### Problem description
Within the data below, find the string "notice" and return each line where it occurs.

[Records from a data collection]
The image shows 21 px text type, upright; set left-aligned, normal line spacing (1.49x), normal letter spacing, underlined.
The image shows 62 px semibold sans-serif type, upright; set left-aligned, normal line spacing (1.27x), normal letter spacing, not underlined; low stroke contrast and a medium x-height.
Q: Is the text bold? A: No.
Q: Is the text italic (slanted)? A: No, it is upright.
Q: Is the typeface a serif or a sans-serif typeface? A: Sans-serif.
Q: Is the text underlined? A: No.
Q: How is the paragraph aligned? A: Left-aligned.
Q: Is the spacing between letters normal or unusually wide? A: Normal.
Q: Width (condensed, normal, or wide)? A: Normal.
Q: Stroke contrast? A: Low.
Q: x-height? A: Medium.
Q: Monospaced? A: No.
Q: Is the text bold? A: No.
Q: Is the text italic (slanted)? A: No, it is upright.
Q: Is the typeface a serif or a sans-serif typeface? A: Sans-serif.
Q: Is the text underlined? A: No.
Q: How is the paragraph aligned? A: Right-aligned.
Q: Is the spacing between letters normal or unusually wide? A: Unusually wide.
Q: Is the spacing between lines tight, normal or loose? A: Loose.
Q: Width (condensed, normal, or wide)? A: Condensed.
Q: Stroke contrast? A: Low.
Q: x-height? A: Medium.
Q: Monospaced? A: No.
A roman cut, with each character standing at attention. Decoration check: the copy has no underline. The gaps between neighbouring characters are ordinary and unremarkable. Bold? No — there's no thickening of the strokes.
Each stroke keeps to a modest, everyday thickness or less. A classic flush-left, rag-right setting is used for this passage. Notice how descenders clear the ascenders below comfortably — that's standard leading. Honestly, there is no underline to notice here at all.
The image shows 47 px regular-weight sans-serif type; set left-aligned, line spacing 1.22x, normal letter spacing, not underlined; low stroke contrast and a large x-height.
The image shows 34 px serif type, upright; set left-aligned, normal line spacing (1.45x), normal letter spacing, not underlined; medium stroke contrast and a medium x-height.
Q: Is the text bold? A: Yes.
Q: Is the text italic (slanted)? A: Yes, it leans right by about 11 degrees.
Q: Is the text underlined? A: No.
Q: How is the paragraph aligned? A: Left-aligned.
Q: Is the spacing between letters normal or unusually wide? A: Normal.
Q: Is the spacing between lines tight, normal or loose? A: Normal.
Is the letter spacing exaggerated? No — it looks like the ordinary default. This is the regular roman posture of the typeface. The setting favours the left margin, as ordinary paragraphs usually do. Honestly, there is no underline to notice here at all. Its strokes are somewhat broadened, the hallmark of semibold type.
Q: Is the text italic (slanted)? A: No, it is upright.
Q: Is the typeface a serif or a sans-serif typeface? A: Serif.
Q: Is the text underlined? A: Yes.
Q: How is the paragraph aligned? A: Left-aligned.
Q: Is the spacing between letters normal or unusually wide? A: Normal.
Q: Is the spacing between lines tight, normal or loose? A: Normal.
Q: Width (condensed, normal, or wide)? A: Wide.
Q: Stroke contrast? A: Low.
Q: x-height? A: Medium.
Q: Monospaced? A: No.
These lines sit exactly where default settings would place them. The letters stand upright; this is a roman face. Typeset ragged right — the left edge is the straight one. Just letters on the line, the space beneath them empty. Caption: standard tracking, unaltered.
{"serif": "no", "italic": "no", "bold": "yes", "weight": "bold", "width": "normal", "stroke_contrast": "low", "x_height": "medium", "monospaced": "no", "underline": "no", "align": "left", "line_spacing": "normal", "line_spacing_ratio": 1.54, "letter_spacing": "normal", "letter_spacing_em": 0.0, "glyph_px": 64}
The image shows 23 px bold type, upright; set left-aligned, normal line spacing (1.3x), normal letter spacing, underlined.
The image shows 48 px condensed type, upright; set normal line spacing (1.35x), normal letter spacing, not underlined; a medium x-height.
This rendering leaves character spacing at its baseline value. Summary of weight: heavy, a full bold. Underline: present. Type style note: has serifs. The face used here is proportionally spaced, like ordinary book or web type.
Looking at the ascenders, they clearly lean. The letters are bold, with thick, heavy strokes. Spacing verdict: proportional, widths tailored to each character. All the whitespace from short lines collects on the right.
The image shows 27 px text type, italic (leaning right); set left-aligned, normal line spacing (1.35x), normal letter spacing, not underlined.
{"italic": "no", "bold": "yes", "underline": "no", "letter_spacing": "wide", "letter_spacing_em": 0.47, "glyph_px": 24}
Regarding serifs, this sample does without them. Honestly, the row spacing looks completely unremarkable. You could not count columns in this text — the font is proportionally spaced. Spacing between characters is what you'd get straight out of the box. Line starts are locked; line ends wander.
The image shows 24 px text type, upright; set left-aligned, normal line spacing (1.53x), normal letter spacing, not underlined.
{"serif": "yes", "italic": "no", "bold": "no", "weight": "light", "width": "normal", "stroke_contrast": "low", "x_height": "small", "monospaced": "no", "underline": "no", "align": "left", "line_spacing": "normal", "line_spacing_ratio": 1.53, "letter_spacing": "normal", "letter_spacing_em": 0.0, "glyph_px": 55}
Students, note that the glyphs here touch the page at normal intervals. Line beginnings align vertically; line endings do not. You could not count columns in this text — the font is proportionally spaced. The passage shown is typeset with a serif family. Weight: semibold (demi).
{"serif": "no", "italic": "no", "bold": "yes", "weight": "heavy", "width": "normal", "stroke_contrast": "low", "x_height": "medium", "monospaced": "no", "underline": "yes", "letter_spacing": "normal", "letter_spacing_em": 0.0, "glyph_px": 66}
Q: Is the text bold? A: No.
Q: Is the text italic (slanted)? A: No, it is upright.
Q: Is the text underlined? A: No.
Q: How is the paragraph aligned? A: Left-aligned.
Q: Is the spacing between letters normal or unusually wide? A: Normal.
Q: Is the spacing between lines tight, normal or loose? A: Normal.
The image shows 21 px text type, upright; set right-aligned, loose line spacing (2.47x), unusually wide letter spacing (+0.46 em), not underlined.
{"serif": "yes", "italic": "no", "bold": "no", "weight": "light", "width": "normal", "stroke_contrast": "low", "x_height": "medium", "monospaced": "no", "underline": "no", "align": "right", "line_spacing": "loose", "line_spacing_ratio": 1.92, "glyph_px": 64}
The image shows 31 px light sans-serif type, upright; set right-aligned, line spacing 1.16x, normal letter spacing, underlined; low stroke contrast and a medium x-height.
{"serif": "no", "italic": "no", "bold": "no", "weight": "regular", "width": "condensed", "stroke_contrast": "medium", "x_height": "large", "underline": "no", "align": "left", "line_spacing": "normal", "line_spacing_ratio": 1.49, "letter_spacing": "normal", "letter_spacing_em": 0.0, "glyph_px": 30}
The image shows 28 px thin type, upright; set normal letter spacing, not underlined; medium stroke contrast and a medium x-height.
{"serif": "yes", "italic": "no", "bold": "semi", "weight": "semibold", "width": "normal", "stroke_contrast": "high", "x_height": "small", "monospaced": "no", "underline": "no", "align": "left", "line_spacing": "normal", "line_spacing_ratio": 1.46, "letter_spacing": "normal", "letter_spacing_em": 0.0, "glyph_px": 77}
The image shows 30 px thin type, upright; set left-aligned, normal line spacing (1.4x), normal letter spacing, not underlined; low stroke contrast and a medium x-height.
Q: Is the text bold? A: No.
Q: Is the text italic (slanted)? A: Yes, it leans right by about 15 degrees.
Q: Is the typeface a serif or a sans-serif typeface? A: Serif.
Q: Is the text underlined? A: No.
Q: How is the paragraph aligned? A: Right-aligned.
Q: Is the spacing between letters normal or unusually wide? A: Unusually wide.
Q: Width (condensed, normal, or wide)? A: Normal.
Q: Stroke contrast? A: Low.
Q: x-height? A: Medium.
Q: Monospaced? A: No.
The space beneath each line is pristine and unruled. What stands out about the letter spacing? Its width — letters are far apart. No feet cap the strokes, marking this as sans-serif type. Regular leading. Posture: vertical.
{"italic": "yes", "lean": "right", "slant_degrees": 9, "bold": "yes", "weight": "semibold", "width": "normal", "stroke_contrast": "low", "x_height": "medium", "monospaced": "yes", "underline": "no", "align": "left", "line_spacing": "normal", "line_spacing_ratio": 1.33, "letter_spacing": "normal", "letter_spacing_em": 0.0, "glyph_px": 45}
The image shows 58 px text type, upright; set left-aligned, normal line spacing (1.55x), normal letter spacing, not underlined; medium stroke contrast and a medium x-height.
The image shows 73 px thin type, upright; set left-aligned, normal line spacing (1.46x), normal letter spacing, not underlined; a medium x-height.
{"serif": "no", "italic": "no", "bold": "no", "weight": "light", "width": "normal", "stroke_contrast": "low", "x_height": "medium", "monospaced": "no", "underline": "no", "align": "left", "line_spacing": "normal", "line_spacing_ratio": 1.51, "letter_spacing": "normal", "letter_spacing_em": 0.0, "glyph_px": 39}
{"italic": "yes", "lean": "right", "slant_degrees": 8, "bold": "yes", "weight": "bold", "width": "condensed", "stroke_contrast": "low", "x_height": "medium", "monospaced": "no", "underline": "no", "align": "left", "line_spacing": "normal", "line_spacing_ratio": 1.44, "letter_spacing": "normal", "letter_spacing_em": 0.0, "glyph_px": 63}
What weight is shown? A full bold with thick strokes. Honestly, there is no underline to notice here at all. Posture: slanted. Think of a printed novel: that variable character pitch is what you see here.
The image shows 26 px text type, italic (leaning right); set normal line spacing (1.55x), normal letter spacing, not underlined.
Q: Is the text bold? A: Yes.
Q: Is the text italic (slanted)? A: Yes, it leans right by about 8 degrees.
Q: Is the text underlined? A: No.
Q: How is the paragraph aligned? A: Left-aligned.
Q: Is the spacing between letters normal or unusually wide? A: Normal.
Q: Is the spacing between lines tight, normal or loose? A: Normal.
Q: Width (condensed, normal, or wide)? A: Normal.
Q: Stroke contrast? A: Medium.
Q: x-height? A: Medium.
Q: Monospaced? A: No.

### Exercise result
Each stroke keeps to a modest, everyday thickness or less. A classic flush-left, rag-right setting is used for this passage. Notice how descenders clear the ascenders below comfortably — that's standard leading. Honestly, there is no underline to notice here at all.
Is the letter spacing exaggerated? No — it looks like the ordinary default. This is the regular roman posture of the typeface. The setting favours the left margin, as ordinary paragraphs usually do. Honestly, there is no underline to notice here at all. Its strokes are somewhat broadened, the hallmark of semibold type.
What weight is shown? A full bold with thick strokes. Honestly, there is no underline to notice here at all. Posture: slanted. Think of a printed novel: that variable character pitch is what you see here.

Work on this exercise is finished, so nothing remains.